Да здравствует республика! Да здравствует… Хозяин, сколько мы теперь будем получать? Сколько другие платят, столько и я, поговори-ка-с управляющим. Так сколько же положите в день? На винтен больше. Мне этого мало. Не хочешь, не бери, работники и без тебя найдутся. Что ж нам, с голоду пухнуть, а дети? Что я дам детям? Если нет работы, не заводи детей. Жена, no-шли сыновей за хворостом, дочерей — за соломой, а сама иди сюда. Я твоя раба, ты делаешь со мною, что хочешь, ну и доделался: у меня задержка, я не убереглась, я беременна, я тяжелая, у меня будет ребенок, ты станешь отцом. Ничего, где семерых не прокормишь, там и восьмой поголодает.
И вот поскольку между латифундистом-монархистом и латифундистом-республиканцем разницы нет никакой, а сходство полное, поскольку на жалованье не прокормишься, оно только голод разжигает, то крестьяне в невинности своей собрались и отправились к губернатору просить, чтобы жизнь им сделалась полегче.
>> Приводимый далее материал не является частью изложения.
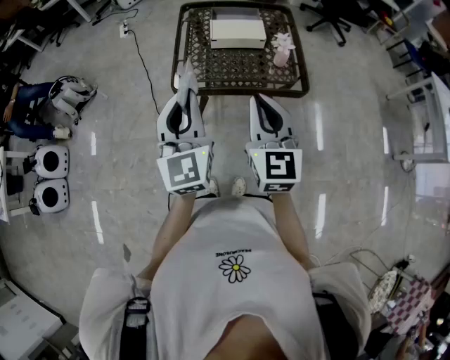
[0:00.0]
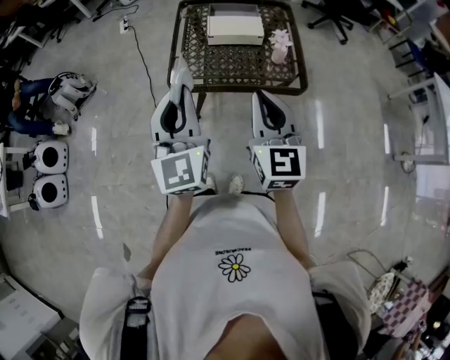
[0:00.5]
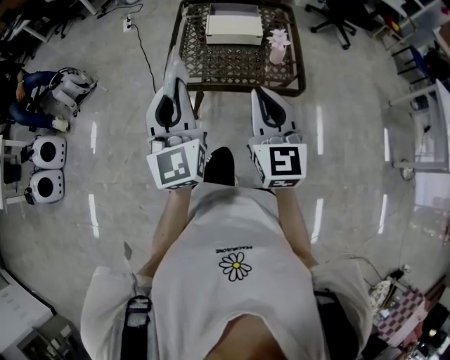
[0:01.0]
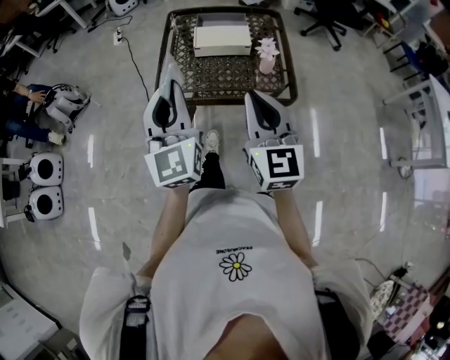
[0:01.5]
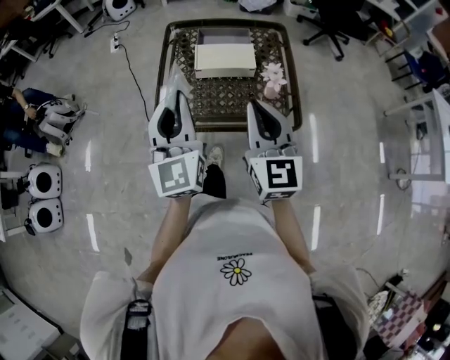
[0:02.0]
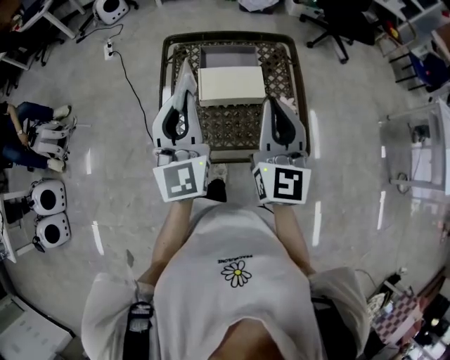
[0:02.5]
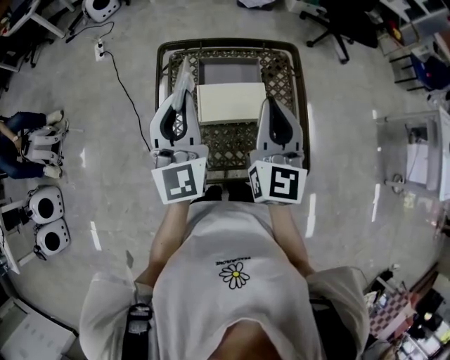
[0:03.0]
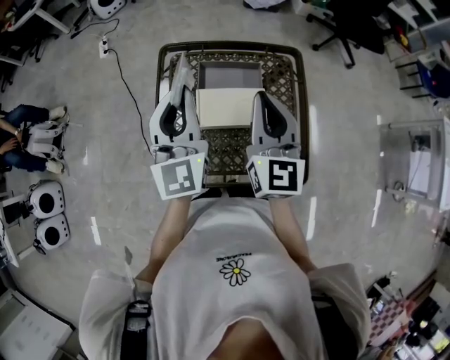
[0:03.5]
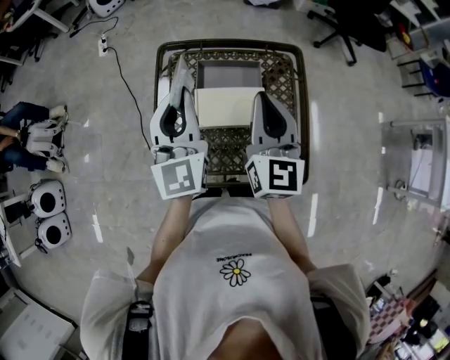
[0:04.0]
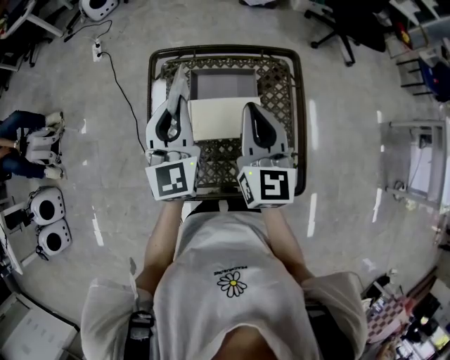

Какой-то грамотей сочинил прошение, в котором напомнил о новой, радостной жизни в Португалии и о народных упованиях и ожиданиях, все люди теперь братья, сеньор губернатор, будьте здоровы, сеньор губернатор, ждем ответа. Отпустив челобитчиков, Ламберто Оркес опустился в старинное кресло, глубоко задумался над тем, как способствовать благосостоянию — своему собственному и всей провинции, порученной его заботам, — и, скользнув глазами по карте, ткнул пальцем в ту латифундию, что была гуще всех населена, и вызвал к себе командира республиканской гвардии. Тот раньше служил просто в полиции, и теперь вид у него был очень воинственный: мундир был новый, а память — короткая, и потому он уже успел забыть о тех временах, когда на левом рукаве он носил сине-белую нашивку [8]. Благодаря его рвению и бдительности Ламберто уже знал, что в деревнях неспокойно, что крестьяне негодуют на низкое жалованье и прочие тяготы, жалуются, что живут впроголодь, что хозяева душат их разнообразными налогами и поборами, — все это, впрочем, было изложено в петиции, причем в довольно мягких выражениях: должно быть, для того, чтобы скрыть истинные и гнусные намерения. По всем латифундиям гуляет злой ветер бунта, повсюду раздается ропот, похожий на ворчание голодного, присевшего перед прыжком волка, ох и много бед он натворит, если пустит в ход зубы. Надо дать им острастку, покарать кого-нибудь в назидание другим. Беседа кончена, распоряжения получены — майор Хорохор берет под козырек, отдает губернатору честь, а горнисту — приказ трубить седловку. И вот выстраивается на плацу республиканская гвардия: поводья натянуты, на боку — сабля, лоснятся гривы и усы, блистают удила, — Ламберто подходит к окну, власть приветствует свою гвардию и машет ей ручкой, соединяя в этом жесте и начальственную строгость, и нежный привет. Исполнив это, власть удаляется в свои апартаменты и велит позвать себе на утеху свою супругу.
[5]
5 октября 1910 года в Португалии была провозглашена республика. Король Жоан V был свергнут с престола.
[6]
Винтень — мелкая медная монета в 20 рейсов.
[7]
Милрейс — монета в 1000 рейсов.
[8]
Бело-голубой — цвета королевского дома Браганса. В данном случае нашивка свидетельствует о монархических устремлениях.